Cauchy's limit concept Berkeley criticized Newton’s and others’ infinitesimals: They are neither finite Quantities nor Quantities infinitely small, nor yet nothing. May we not call them the Ghosts of departed Quantities? (Wikipedia).
He was pointing to a major paradox which was resolved in the 19th century: In the early 1820’s, through his lectures at the École Polytechnique, Augustin Louis Cauchy (1789-1857) clarified the concept of a limit and was able to provide strictly arithmetical definitions of continuity, the derivative, and the definite integral, http://www.me.berkeley.edu/faculty/casey/Calculus.pdf 
Thinking about the parallels in physics of quantum mechanic and relativity, you might expect that this breakthrough lead to a series of new applications in physics and other fields but it seems that the technique was already so widely used that not much came forward. Is that wrong or what do you think of this? 

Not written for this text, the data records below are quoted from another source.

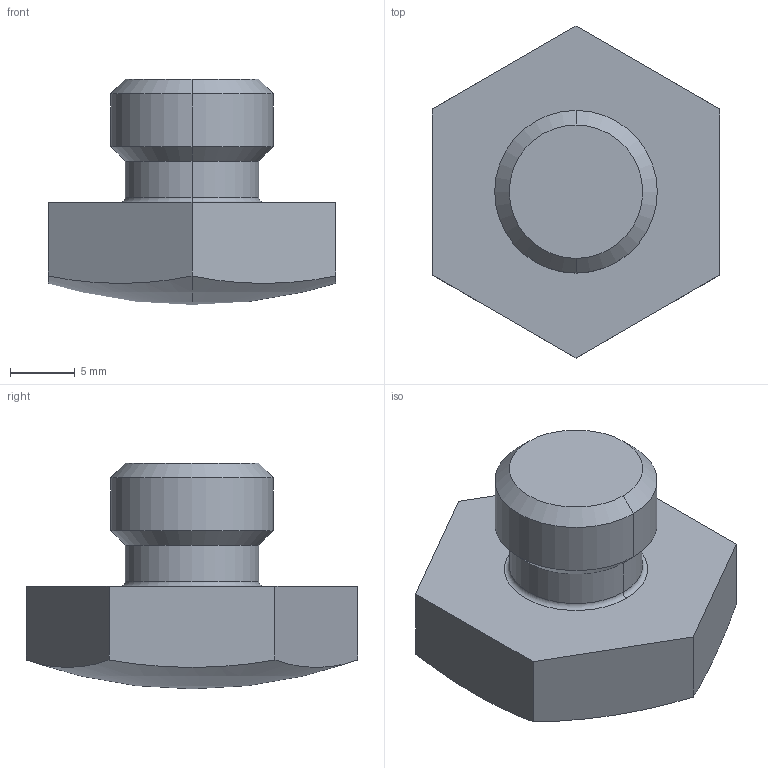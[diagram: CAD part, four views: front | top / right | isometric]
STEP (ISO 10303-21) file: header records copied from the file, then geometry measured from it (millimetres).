
FILE_DESCRIPTION((''),'2;1');
FILE_NAME('ILC64210820','2016-05-25T',('twa'),(''),'PRO/ENGINEER BY PARAMETRIC TECHNOLOGY CORPORATION, 2013320','PRO/ENGINEER BY PARAMETRIC TECHNOLOGY CORPORATION, 2013320','');
FILE_SCHEMA(('CONFIG_CONTROL_DESIGN'));
Length unit declared in the file: inch
Products named in the file (1): ILC64210820
Bounding box: 22.23 x 25.66 x 17.45 mm (x, y, z)
Volume: 4005.7 mm3; surface area: 1708.3 mm2
Topology: 1 solids, 1 shells, 20 faces, 44 edges, 25 vertices
Faces by surface type: plane 8, cylinder 4, cone 4, sphere 2, torus 2
Entity records: 576 total; most frequent: DIRECTION 104, CARTESIAN_POINT 87, ORIENTED_EDGE 84, AXIS2_PLACEMENT_3D 42, EDGE_CURVE 42, VERTEX_POINT 25, CIRCLE 22, EDGE_LOOP 21

Should Cauchy’s limits concept be given more credit?
 A: You seem to ask why the specific contribution by Cauchy to the foundations of analysis in terms of his limit concept has not had major applications in physics and other fields (as have many of his other contributions, to complex analysis, combinatorics, elasticity theory, differential geometry, etc).  There are two parts to this question:
(1) did Cauchy really make such a contribution, namely a strictly arithmetical definition of limit?
(2) Why doesn't a strictly arithmetical definition of limit have more applications?
I think the answer to (1) is clearly negative; Cauchy never gave a strictly arithmetical definition of limit.  He repeatedly defined limit in kinetic or kinematic language, in terms of what appears to be a primitive notion in Cauchy namely that of a variable quantity, akin to Leibniz.  What you take to be Cauchy's strictly arithmetical definition is actually Weierstrass's, in terms of epsilon-delta and alternating quantifiers.   
Specifically, the notion of Cauchy sequence, while its mathematical equivalent is found in Cauchy's work, was actually defined by Cauchy in the language of infinite indices and the property of the corresponding terms in the sequence being infinitely close, or more precisely partial sums being infinitesimal.  This makes Cauchy's procedures closer to their proxies in Robinson's framework than the Weierstrassian framework.
Cauchy on occasion exploited arguments that seem to go in the direction of our epsilon-delta proofs, but in none of them did he give an explicit formula for delta in terms of epsilon, a tell-tale of a modern epsilon-delta proof.
As far as the apparent lack of scientific applications of Weierstass's purely arithmetic notion of limit, it must be attributed to the fact that this tremendous accomplishment by Weierstrass had mainly applications in establishing firmer foundations for some procedures in analysis, especially study of Fourier series, where the 19th century literature was plagued by errors.  In other words, this accomplishment is mainly significant for mathematicians rather than physicists and other scientists.
A: Regarding my question: "Thinking about the parallels in physics of quantum mechanic and relativity, you might expect that this breakthrough lead to a series of new application....."
After a few years of discussion here, I believe in retrospect that a relevant answer is: the breakthrough I was looking for is found in the definition of real numbers where the Cauchy limit constitutes an important component.